# Haunt Nut, just arrived! (From up north eh)



## c6gunner (Oct 9, 2007)

Hi all,

First, I am Canadian....(but was at the beach yesterday!!!!!! in October WOW!!)

I just found this hauntform today!!!!, if you can believe it....I have been at it so to speak since about 2003.....and like everyone, continue to evolve each year, all the while haveing the great child-like fun we all do each and every year!!!!! I have a pretty simple website that I have done up simply for the love of it....

www.vikingdarkworks.ca

And, invite you all to have a look, check out my Elemental costume, props and Haunts.....and lemme know what you think!
I am so glad to find a fourm for Halloween nuts.....so hopefully this will be the first of many posts!

later....


----------



## Frighteners Entertainment (Jan 24, 2006)

Sweet, another Canadian Haunter!!
You may find a neighbor here??


----------



## playfx (Mar 10, 2007)

Welcome!!

Your site looks good!


----------



## ScareFX (Aug 18, 2004)

Welcome to the forum.


----------



## Lagrousome (Apr 12, 2007)

Welcome c6gunner!
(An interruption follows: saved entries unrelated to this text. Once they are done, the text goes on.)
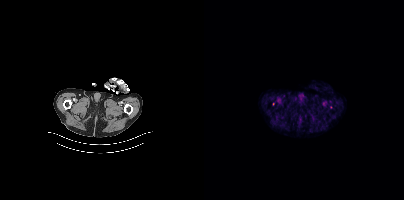
{"modality":"PSMA PET/CT","view":"axial","tracer":"18F","pet_grid":[200,200],"coord_frame":"pet_panel","coord_format":"x0,y0,x1,y1","lesion_bboxes":[],"small_foci_centers":[[69,103]]}
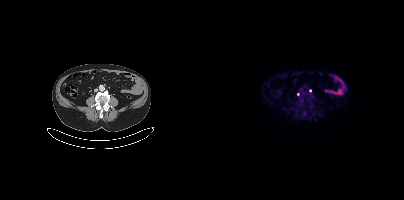
Only PSMA-avid lesion pieces thinner than 2 px on this slice (not listed). Left: CT. Right: PSMA PET, same axial level, 18F-PSMA tracer. Slice position z = -759 mm.
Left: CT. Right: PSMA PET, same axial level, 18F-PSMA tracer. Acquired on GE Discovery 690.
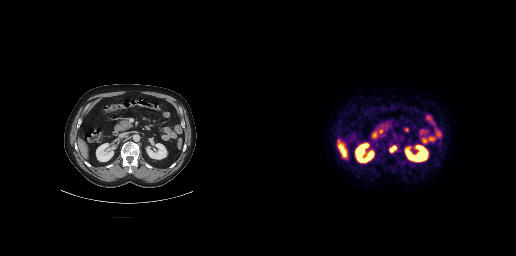
Coordinates are on the 256×256 PET (right) panel. PSMA-avid tumor lesion bounding box (x, y, width, height): x=129 y=145 w=8 h=8.
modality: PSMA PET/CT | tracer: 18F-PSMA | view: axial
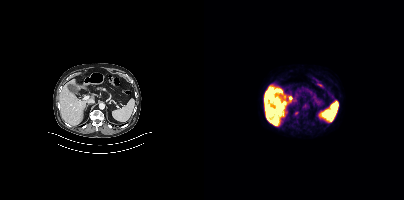
This slice has no annotated PSMA-avid lesion.
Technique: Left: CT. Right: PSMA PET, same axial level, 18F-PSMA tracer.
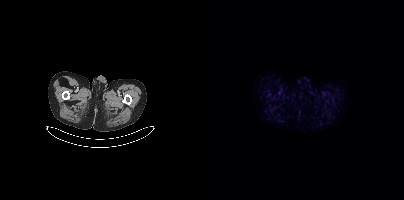
Findings: No tumor lesions annotated on this slice.
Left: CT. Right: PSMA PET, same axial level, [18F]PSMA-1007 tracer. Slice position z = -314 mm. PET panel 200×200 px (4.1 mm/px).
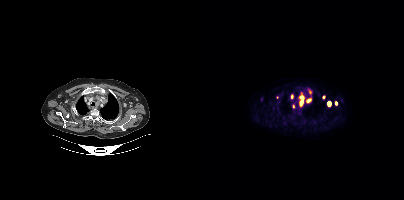
Coordinates are on the 200×200 PET (right) panel. PSMA-avid tumor lesion bounding boxes (partial; 1 more focus not listed):
| # | x0 | y0 | x1 | y1 |
|---|---|---|---|---|
| 1 | 95 | 92 | 100 | 106 |
| 2 | 123 | 101 | 127 | 106 |
| 3 | 102 | 98 | 107 | 103 |
| 4 | 87 | 94 | 89 | 98 |
| 5 | 131 | 101 | 133 | 105 |
Small PSMA-avid foci (2 to 4 px across) near (center x, center y): (106, 91); (119, 97); (89, 106); (73, 97).
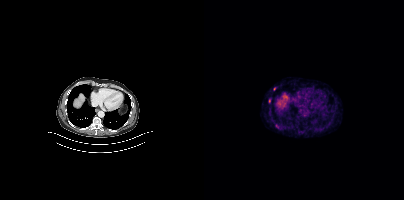
{"pet_grid":[200,200],"coord_frame":"pet_panel","coord_format":"x0,y0,x1,y1","lesion_bboxes":[],"small_foci_centers":[[65,100]],"modality":"PSMA PET/CT","view":"axial","tracer":"68Ga"}
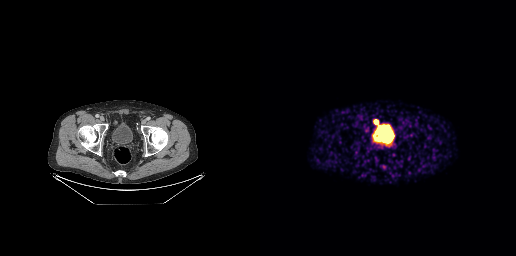
Only PSMA-avid lesion pieces thinner than 2 px on this slice (not listed).
modality: PSMA PET/CT | tracer: 68Ga | view: axial
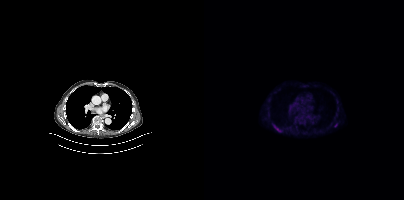
{"modality":"PSMA PET/CT","view":"axial","tracer":"[18F]PSMA-1007","pet_grid":[200,200],"coord_frame":"pet_panel","coord_format":"x0,y0,x1,y1","lesion_bboxes":[[70,125,76,131]],"small_foci_centers":[[132,125]]}
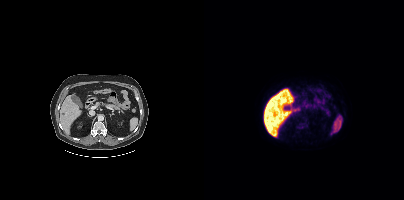
Technique: Paired axial CT (left) and PSMA PET (right), [18F]PSMA-1007 tracer. slice position z = -1162 mm.
Findings: This slice has no annotated PSMA-avid lesion.
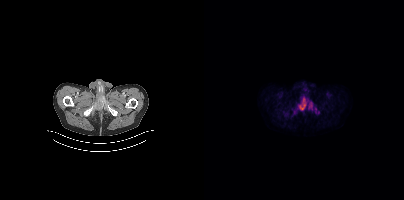
{"modality":"PSMA PET/CT","view":"axial","tracer":"18F","pet_grid":[200,200],"coord_frame":"pet_panel","coord_format":"x0,y0,x1,y1","partial":true,"lesion_bboxes":[[94,97,102,110],[104,102,108,109]],"small_foci_centers":[[101,89]]}
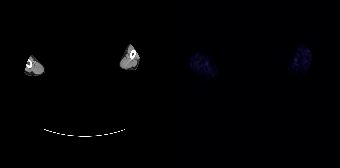
Negative for PSMA-avid disease on this slice.
redaction: privacy mask over head | modality: PSMA PET/CT | tracer: [68Ga]Ga-PSMA-11 | view: axial
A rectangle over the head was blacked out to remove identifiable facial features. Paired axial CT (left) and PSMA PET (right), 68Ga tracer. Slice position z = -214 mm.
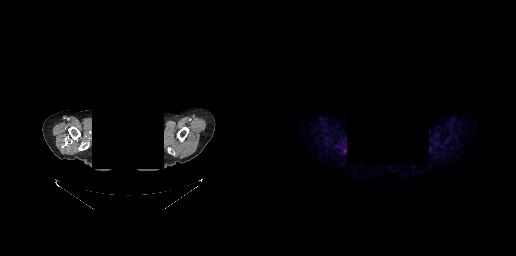
No tumor lesions annotated on this slice.
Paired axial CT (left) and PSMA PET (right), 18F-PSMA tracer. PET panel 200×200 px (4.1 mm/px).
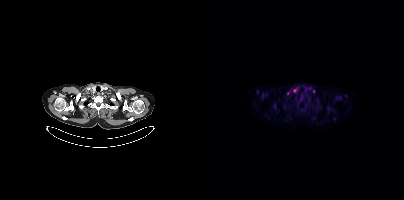
Coordinates are on the 200×200 PET (right) panel. PSMA-avid tumor lesion bounding boxes:
| # | x0 | y0 | x1 | y1 |
|---|---|---|---|---|
| 1 | 89 | 88 | 93 | 92 |
Small PSMA-avid foci (2 to 4 px across) near (center x, center y): (109, 91); (83, 93).
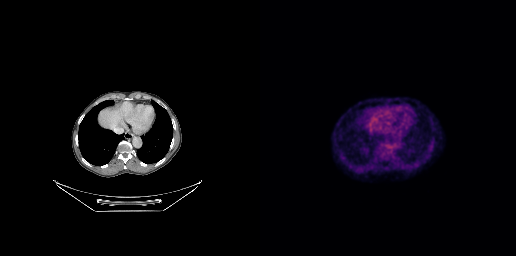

Glad to have you here!


----------



## slimy (Jul 12, 2006)

Welcome to the forum.


----------



## spideranne (Jul 17, 2006)

Welcome!


----------



## scareme (Aug 29, 2006)

Hi and welcome to the forum. You have a great looking site, and a couple of beautiful dogs.


----------



## pyro (Oct 7, 2006)

hello & welcome to the madness----im nuts? :googly: i thought i was okay and the world was wrong


----------



## edwood saucer (Aug 21, 2006)

Welcome Canada!

By the way - Took my son to see your greatest export (RUSH) in August. Best concert I've been to in ages.


----------



## widowsbluff (May 24, 2006)

Welcome, nice site!


----------



## Moon Dog (Oct 3, 2006)

Glad you stopped by!


----------



## Wyatt Furr (Jun 5, 2006)

Howdy and Welcome


----------



## Northern Touch (Nov 8, 2006)

hey fellow Cannadian nice too see close neibours we just don't have enough for us up here in Canada....hope to hear from ya this is a great fourm and I have got plenty of help out here this is great place too get new ideas or make your ideas come too life...


----------



## scarface (Sep 16, 2005)

eh dare


----------



## Ghostess (Aug 21, 2005)

Welcome!


----------



## Death's Door (Mar 22, 2006)

Hello and welcome to the family. Nice site ya got there!!!!


----------